TO DO: Write out every record below exactly as given. Leave the pictures out.

MATERIAL FOR THE TASK:

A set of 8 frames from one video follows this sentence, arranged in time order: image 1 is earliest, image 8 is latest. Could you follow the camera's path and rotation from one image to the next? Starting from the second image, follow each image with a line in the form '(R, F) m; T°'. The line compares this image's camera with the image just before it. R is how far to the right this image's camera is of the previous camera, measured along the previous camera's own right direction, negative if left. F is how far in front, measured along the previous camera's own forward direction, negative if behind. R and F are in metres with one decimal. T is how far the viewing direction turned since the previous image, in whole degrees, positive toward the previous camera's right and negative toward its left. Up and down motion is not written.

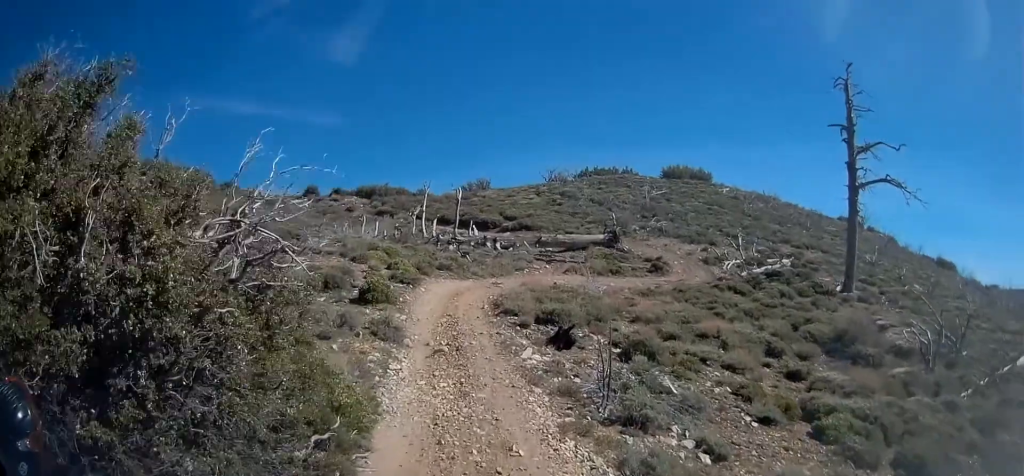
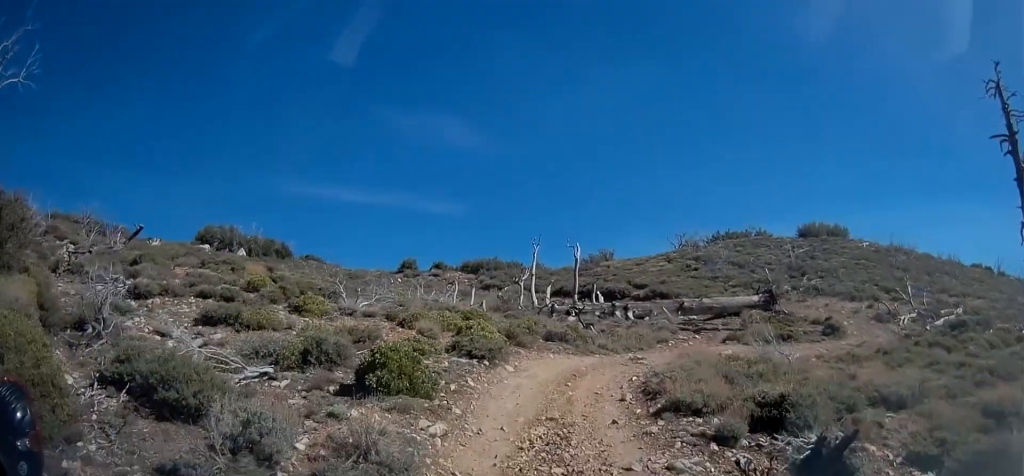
(-0.5, +8.8) m; -7°
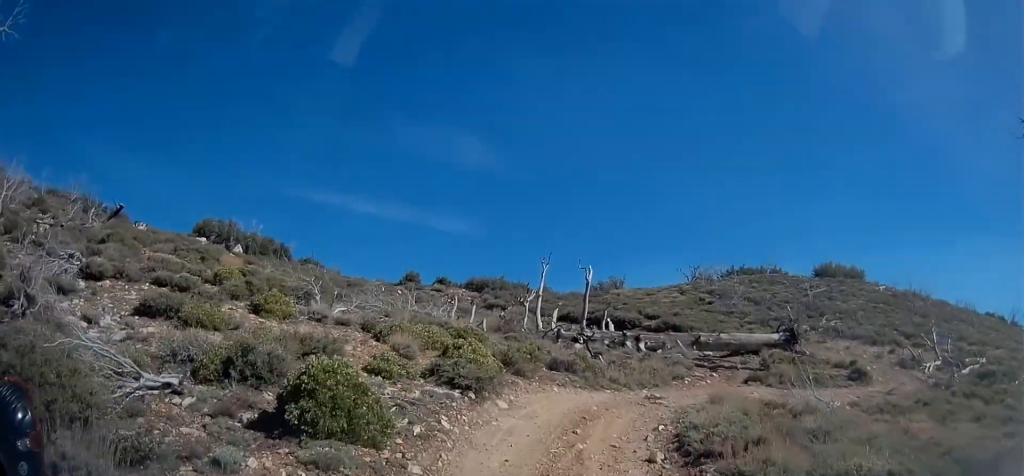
(-0.1, +2.7) m; -2°
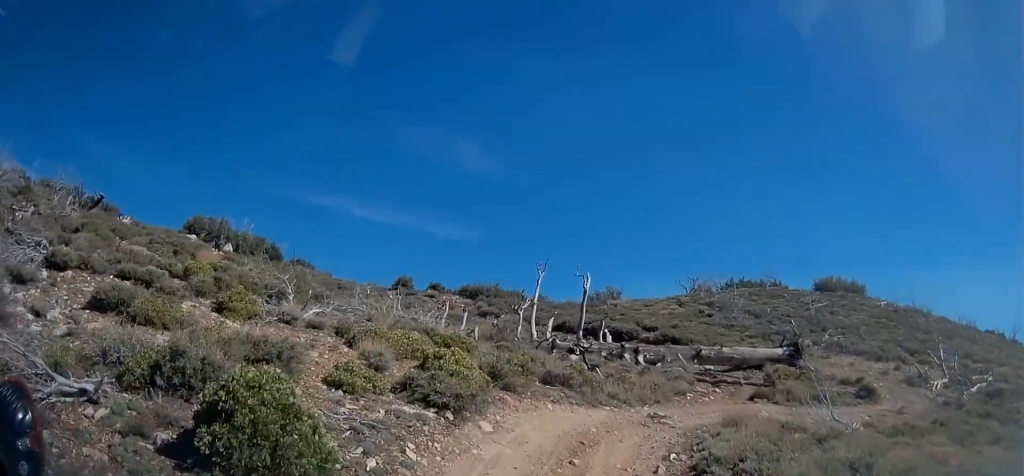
(0.0, +1.5) m; -1°
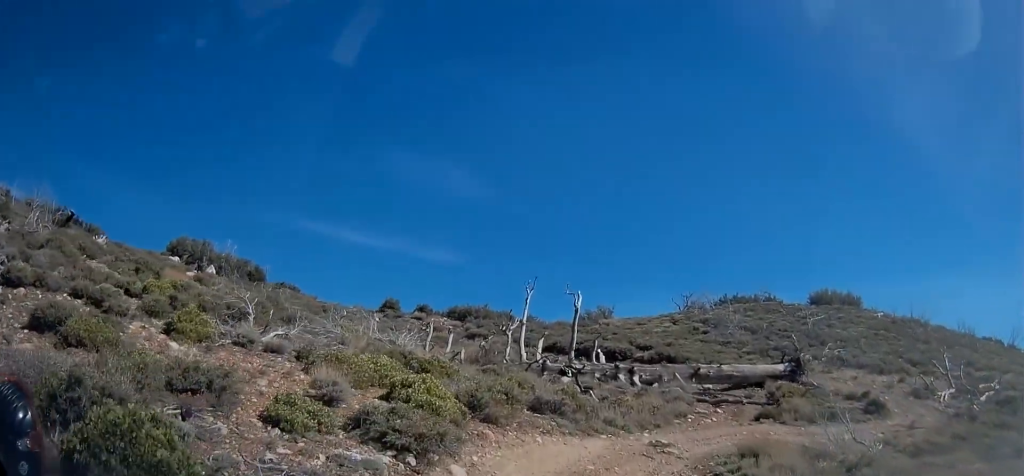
(0.0, +1.8) m; 0°
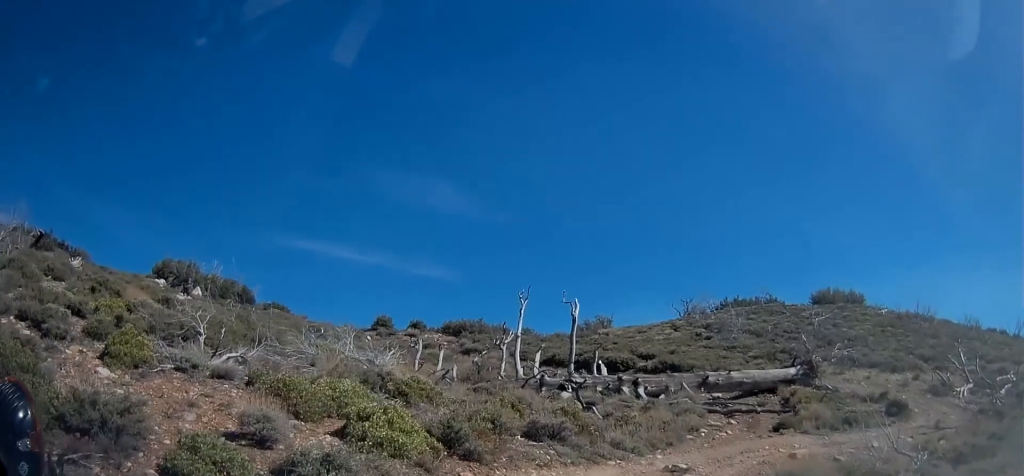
(0.0, +2.2) m; +2°
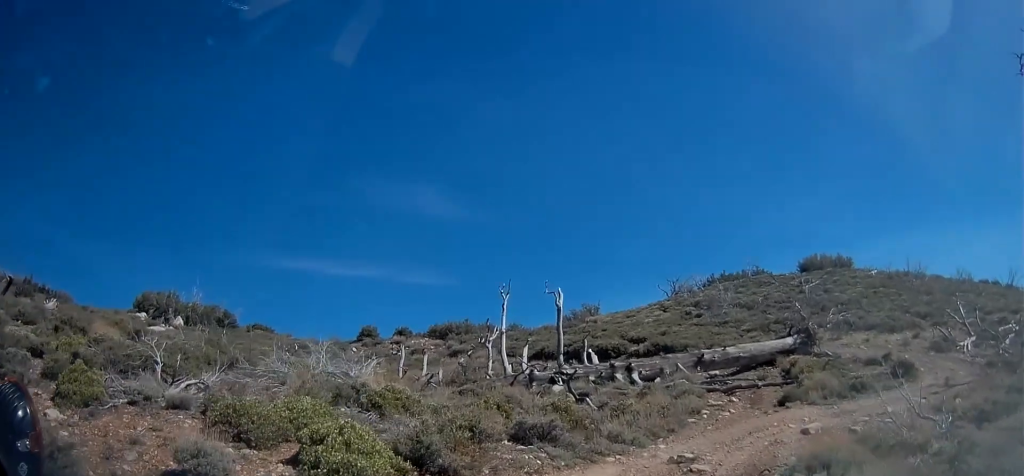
(0.0, +1.2) m; +1°
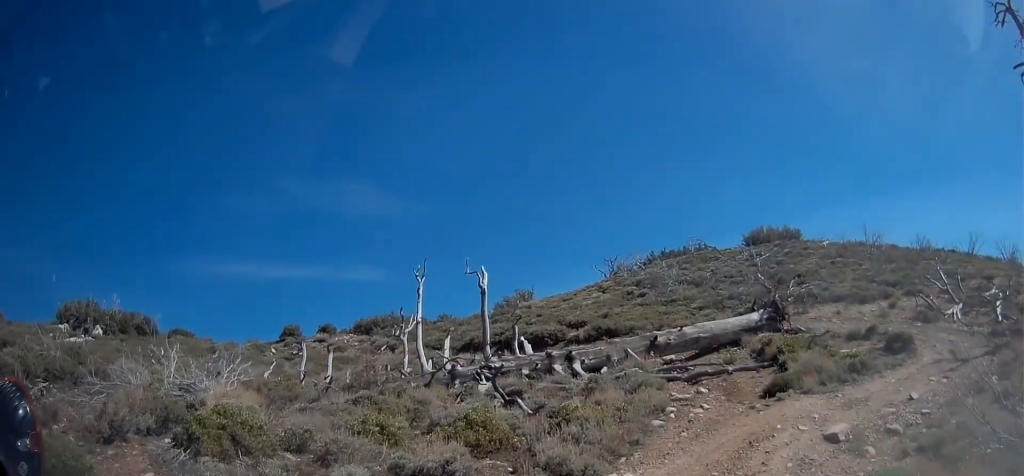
(+0.2, +4.2) m; +7°

OUTPUT FOR THIS EXERCISE:
A set of 8 frames from one video follows this sentence, arranged in time order: image 1 is earliest, image 8 is latest. Could you follow the camera's path and rotation from one image to the next? Starting from the second image, follow each image with a line in the form '(R, F) m; T°'. The line compares this image's camera with the image just before it. R is how far to the right this image's camera is of the previous camera, measured along the previous camera's own right direction, negative if left. F is how far in front, measured along the previous camera's own forward direction, negative if behind. R and F are in metres with one decimal. T is how far the viewing direction turned since the previous image, in whole degrees, positive toward the previous camera's right and negative toward its left. Up and down motion is not written.

(-0.5, +8.8) m; -7°
(-0.1, +2.7) m; -2°
(0.0, +1.5) m; -1°
(0.0, +1.8) m; 0°
(0.0, +2.2) m; +2°
(0.0, +1.2) m; +1°
(+0.2, +4.2) m; +7°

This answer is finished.